For every record that follows, write out the text exactly and omit the picture, if one is present.

══════════

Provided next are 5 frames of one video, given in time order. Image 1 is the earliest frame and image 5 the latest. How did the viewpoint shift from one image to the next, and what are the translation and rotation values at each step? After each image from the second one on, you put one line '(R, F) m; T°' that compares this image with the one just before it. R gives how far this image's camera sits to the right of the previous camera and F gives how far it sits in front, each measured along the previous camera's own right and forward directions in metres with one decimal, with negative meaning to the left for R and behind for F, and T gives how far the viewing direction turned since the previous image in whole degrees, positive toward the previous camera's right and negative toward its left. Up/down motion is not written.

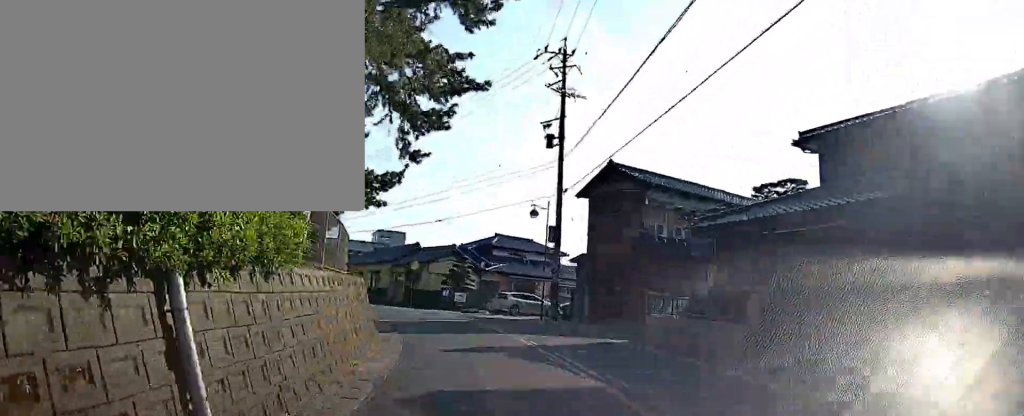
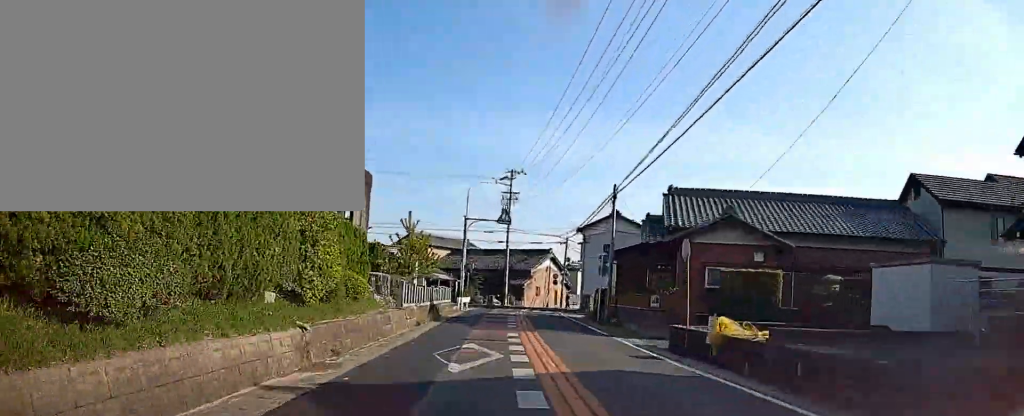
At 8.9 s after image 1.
(-10.2, +58.2) m; -9°
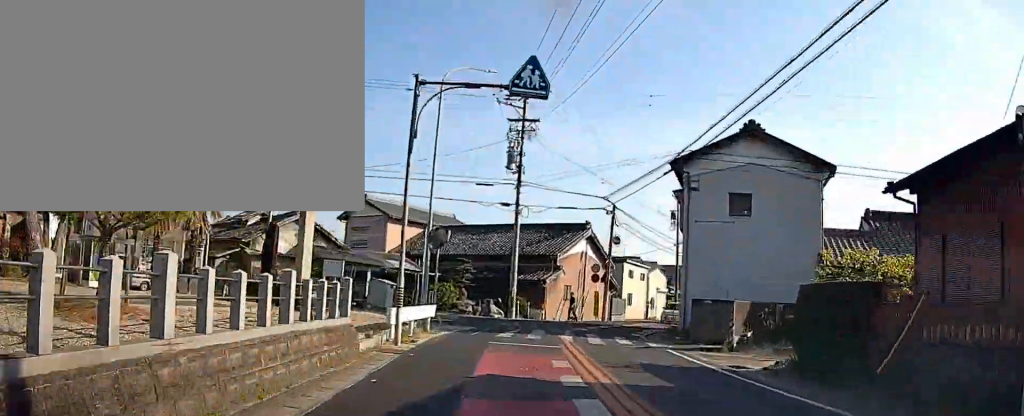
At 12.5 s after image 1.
(-3.5, +22.7) m; +3°
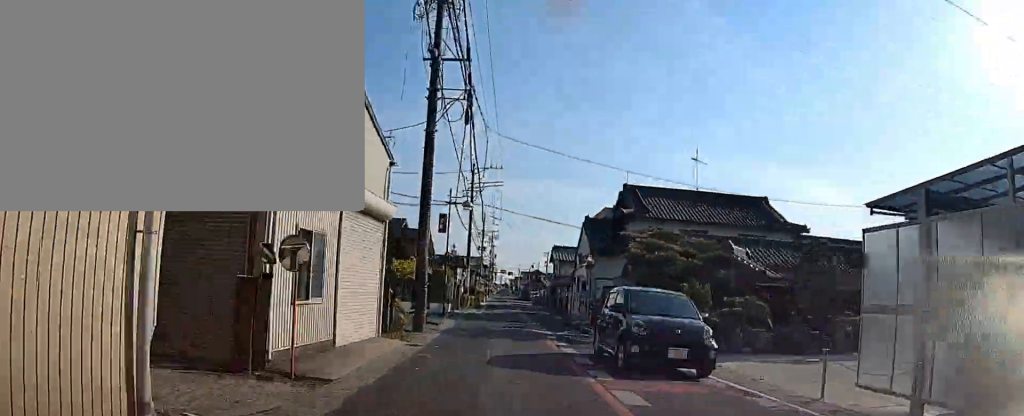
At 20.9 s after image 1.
(+9.1, +50.0) m; +13°
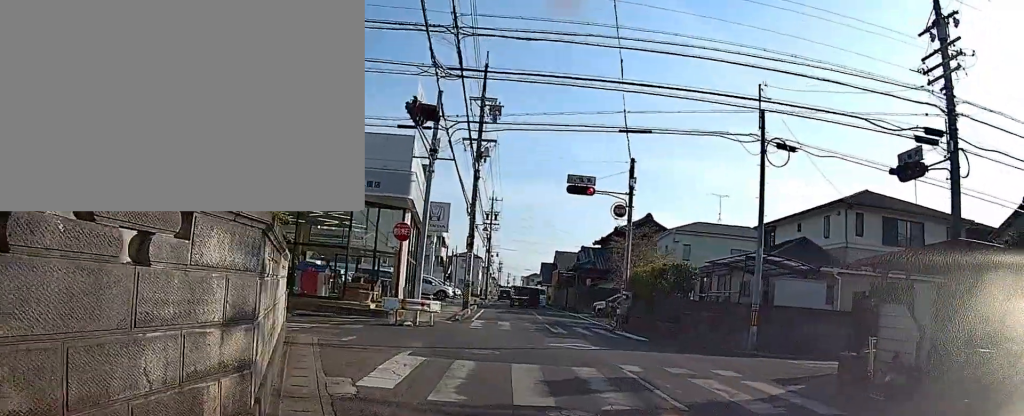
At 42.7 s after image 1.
(+0.8, +110.5) m; 0°

══════════

## Answer space
Provided next are 5 frames of one video, given in time order. Image 1 is the earliest frame and image 5 the latest. How did the viewpoint shift from one image to the next, and what are the translation and rotation values at each step? After each image from the second one on, you put one line '(R, F) m; T°' that compares this image with the one just before it. R gives how far this image's camera sits to the right of the previous camera and F gives how far it sits in front, each measured along the previous camera's own right and forward directions in metres with one decimal, with negative meaning to the left for R and behind for F, and T gives how far the viewing direction turned since the previous image in whole degrees, positive toward the previous camera's right and negative toward its left. Up/down motion is not written.

At 8.9 s after image 1.
(-10.2, +58.2) m; -9°
At 12.5 s after image 1.
(-3.5, +22.7) m; +3°
At 20.9 s after image 1.
(+9.1, +50.0) m; +13°
At 42.7 s after image 1.
(+0.8, +110.5) m; 0°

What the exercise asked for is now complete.